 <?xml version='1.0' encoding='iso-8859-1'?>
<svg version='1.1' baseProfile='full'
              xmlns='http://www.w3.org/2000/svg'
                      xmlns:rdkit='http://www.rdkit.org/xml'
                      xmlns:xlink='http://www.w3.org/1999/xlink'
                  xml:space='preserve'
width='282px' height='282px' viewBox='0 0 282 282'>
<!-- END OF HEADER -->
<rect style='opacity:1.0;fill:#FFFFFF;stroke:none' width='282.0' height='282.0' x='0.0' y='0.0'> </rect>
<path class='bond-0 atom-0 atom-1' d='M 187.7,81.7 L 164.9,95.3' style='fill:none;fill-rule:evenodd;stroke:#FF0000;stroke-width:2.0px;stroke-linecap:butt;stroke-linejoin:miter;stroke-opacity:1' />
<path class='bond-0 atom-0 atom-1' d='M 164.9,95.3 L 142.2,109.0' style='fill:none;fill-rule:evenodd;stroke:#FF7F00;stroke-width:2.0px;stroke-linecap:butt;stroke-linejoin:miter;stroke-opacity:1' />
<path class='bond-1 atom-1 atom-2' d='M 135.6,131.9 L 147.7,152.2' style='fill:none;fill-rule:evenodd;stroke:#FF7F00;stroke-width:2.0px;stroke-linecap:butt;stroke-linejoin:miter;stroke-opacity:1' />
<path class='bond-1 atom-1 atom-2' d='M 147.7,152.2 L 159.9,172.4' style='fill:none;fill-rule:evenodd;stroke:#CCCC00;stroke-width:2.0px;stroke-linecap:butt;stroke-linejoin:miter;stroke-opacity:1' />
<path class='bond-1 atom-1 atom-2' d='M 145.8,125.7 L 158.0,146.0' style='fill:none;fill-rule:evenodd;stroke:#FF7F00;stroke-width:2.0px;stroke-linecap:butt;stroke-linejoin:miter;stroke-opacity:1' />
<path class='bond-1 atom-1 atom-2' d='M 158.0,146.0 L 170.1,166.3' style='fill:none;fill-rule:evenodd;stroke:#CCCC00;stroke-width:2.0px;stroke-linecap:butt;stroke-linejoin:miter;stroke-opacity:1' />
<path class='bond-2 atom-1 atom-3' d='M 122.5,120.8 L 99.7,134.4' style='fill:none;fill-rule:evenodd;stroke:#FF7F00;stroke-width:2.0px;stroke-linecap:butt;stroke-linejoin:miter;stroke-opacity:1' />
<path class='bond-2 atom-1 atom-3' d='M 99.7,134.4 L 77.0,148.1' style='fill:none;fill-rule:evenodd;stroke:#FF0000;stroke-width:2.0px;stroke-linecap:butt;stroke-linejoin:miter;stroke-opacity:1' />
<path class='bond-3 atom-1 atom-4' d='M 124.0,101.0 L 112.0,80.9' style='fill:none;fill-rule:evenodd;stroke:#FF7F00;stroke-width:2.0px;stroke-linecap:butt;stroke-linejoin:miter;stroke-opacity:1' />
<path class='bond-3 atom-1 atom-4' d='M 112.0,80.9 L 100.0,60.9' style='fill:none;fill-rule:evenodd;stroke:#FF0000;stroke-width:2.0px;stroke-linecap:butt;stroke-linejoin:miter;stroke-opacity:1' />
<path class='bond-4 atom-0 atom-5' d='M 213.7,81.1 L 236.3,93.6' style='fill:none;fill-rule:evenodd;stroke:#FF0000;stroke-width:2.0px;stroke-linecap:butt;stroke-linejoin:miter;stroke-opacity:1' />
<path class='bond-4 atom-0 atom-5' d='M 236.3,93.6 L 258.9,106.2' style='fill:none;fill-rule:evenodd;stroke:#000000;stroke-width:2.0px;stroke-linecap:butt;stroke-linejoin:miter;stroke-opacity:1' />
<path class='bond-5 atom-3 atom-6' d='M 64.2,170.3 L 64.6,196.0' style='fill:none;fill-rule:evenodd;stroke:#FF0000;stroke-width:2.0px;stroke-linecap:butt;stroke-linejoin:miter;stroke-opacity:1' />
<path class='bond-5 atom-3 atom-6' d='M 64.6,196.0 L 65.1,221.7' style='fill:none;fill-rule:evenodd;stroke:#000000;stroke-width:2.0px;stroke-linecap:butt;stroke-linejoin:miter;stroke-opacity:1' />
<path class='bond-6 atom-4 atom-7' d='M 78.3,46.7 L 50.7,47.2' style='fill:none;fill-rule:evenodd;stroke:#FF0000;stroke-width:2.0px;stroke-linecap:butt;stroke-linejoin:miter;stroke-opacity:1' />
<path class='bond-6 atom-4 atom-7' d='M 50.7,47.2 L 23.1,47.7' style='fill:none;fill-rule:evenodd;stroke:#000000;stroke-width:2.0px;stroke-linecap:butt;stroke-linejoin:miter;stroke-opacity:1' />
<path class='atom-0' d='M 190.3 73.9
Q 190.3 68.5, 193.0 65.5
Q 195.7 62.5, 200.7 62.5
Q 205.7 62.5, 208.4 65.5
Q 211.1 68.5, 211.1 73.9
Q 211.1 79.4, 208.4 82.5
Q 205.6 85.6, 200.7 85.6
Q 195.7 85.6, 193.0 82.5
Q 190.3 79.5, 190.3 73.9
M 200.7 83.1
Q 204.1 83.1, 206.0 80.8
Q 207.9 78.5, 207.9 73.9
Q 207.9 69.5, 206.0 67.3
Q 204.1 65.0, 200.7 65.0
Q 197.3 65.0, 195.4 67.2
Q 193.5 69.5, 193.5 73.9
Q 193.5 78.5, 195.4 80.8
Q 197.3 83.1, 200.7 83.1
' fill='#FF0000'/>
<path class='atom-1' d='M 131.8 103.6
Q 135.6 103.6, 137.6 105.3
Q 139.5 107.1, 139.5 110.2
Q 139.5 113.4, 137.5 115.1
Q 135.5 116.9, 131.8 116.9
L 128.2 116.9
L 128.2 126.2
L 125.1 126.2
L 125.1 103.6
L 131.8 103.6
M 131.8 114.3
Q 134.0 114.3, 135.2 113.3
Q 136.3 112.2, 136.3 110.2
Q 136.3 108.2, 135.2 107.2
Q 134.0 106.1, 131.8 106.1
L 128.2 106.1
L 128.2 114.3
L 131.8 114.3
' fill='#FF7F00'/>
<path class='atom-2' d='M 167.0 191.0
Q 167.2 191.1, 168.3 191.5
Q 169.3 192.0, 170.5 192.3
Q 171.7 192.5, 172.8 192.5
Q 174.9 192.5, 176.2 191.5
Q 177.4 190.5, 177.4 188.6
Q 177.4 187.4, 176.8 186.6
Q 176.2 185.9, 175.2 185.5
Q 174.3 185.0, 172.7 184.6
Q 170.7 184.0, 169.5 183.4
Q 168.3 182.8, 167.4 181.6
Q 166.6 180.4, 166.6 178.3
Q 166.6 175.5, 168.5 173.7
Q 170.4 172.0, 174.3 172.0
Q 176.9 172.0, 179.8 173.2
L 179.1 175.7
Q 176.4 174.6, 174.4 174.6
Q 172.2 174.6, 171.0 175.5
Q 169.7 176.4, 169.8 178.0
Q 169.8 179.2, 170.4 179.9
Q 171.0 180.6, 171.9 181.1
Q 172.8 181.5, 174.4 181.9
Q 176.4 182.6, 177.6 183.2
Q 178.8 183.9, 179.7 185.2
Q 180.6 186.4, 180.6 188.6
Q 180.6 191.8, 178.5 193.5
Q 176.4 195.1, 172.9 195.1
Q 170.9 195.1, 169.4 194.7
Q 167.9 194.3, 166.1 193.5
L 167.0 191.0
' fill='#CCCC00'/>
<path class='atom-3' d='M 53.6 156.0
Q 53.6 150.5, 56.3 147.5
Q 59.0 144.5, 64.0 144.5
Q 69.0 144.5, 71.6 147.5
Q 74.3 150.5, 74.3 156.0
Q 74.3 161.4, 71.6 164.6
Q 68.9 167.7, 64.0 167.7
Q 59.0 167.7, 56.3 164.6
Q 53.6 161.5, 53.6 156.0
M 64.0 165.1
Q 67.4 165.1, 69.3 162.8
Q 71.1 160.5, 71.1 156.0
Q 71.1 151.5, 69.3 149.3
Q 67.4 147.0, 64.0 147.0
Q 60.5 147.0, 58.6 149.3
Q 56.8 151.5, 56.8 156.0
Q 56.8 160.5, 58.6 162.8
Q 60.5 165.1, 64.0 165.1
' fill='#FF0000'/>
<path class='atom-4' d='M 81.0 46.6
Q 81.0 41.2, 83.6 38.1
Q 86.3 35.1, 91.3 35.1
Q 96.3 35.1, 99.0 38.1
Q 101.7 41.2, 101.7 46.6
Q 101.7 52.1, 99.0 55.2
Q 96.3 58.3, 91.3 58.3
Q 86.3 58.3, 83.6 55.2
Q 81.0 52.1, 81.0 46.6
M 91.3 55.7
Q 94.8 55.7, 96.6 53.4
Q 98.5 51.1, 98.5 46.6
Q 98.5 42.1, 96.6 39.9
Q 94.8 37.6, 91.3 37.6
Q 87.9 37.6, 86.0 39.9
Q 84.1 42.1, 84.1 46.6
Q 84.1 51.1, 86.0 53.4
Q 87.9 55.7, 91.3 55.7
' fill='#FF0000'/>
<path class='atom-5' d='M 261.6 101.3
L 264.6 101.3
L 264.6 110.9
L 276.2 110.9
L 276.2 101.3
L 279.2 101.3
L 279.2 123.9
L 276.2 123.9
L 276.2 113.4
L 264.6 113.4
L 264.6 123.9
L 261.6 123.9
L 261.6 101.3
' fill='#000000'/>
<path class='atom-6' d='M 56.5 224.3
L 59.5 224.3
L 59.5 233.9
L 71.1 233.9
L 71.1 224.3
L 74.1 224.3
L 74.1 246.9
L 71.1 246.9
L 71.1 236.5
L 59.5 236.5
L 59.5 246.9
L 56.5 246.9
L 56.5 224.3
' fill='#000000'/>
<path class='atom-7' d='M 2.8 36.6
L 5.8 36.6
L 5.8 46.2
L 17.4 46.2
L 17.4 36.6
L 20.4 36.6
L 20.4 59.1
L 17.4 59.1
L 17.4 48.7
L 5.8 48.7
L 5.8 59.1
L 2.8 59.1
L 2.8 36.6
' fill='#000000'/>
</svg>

□ □ □ □ □ □ □

_Your objective_. The range runs from the line above containing "M 91.3 55.7" to the line containing "L 276.2 101.3", inclusive. Restate those lines word for word and no others.

_Written reply_.
M 91.3 55.7
Q 94.8 55.7, 96.6 53.4
Q 98.5 51.1, 98.5 46.6
Q 98.5 42.1, 96.6 39.9
Q 94.8 37.6, 91.3 37.6
Q 87.9 37.6, 86.0 39.9
Q 84.1 42.1, 84.1 46.6
Q 84.1 51.1, 86.0 53.4
Q 87.9 55.7, 91.3 55.7
' fill='#FF0000'/>
<path class='atom-5' d='M 261.6 101.3
L 264.6 101.3
L 264.6 110.9
L 276.2 110.9
L 276.2 101.3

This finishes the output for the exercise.